[[ EXCERPTED DATA, beginning ]]
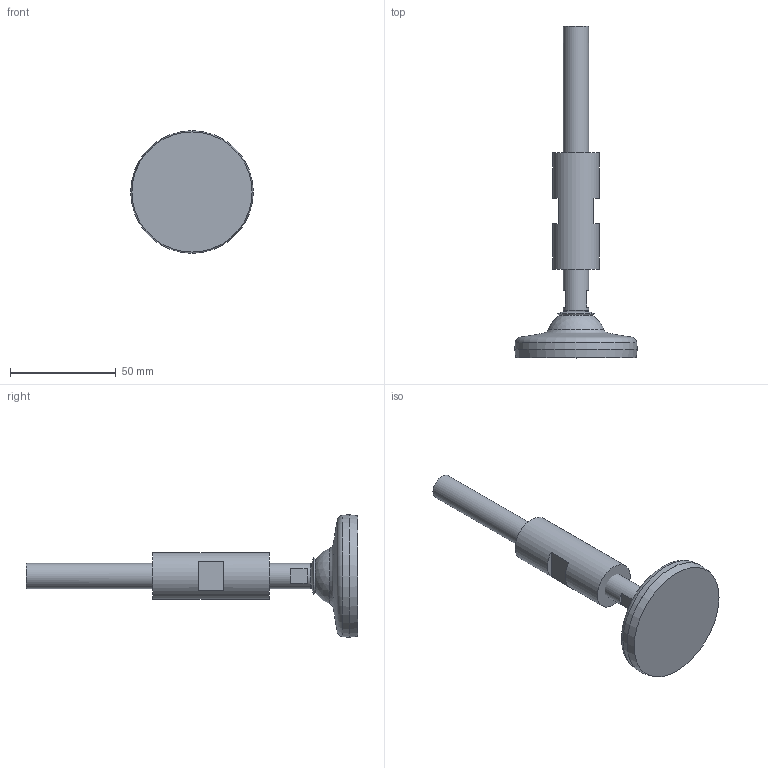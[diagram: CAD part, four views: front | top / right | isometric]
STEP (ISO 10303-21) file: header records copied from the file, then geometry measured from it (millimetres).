
FILE_DESCRIPTION (( 'STEP AP203' ), '1' );
FILE_NAME ('EHSFx8 - HSF58LC-M12-L135-W.STEP', '2024-09-09T10:17:18', ( '' ), ( '' ), 'SwSTEP 2.0', 'SolidWorks 2024', '' );
FILE_SCHEMA (( 'CONFIG_CONTROL_DESIGN' ));
Length unit declared in the file: millimetre
Products named in the file (1): EHSFx8 - HSF58LC-M12-L135-W
Bounding box: 58 x 157 x 58 mm (x, y, z)
Volume: 67361 mm3; surface area: 17299.6 mm2
Topology: 3 solids, 3 shells, 31 faces, 52 edges, 33 vertices
Faces by surface type: plane 18, cone 5, torus 3, cylinder 3, sphere 2
Full cylindrical faces by diameter (mm): 12 x1, 22 x1, 57.98 x1
Entity records: 753 total; most frequent: DIRECTION 130, CARTESIAN_POINT 106, ORIENTED_EDGE 82, AXIS2_PLACEMENT_3D 57, EDGE_LOOP 50, EDGE_CURVE 41, FACE_OUTER_BOUND 39, VERTEX_POINT 33
[[ EXCERPTED DATA, end ]]
◆ YOUR ASSIGNMENT
Quote exactly and only the lines from the one holding "STEP (ISO 10303-21)" through the end of the data.

◆ YOUR SOLUTION
STEP (ISO 10303-21) file: header records copied from the file, then geometry measured from it (millimetres).
FILE_DESCRIPTION (( 'STEP AP203' ), '1' );
FILE_NAME ('EHSFx8 - HSF58LC-M12-L135-W.STEP', '2024-09-09T10:17:18', ( '' ), ( '' ), 'SwSTEP 2.0', 'SolidWorks 2024', '' );
FILE_SCHEMA (( 'CONFIG_CONTROL_DESIGN' ));
Length unit declared in the file: millimetre
Products named in the file (1): EHSFx8 - HSF58LC-M12-L135-W
Bounding box: 58 x 157 x 58 mm (x, y, z)
Volume: 67361 mm3; surface area: 17299.6 mm2
Topology: 3 solids, 3 shells, 31 faces, 52 edges, 33 vertices
Faces by surface type: plane 18, cone 5, torus 3, cylinder 3, sphere 2
Full cylindrical faces by diameter (mm): 12 x1, 22 x1, 57.98 x1
Entity records: 753 total; most frequent: DIRECTION 130, CARTESIAN_POINT 106, ORIENTED_EDGE 82, AXIS2_PLACEMENT_3D 57, EDGE_LOOP 50, EDGE_CURVE 41, FACE_OUTER_BOUND 39, VERTEX_POINT 33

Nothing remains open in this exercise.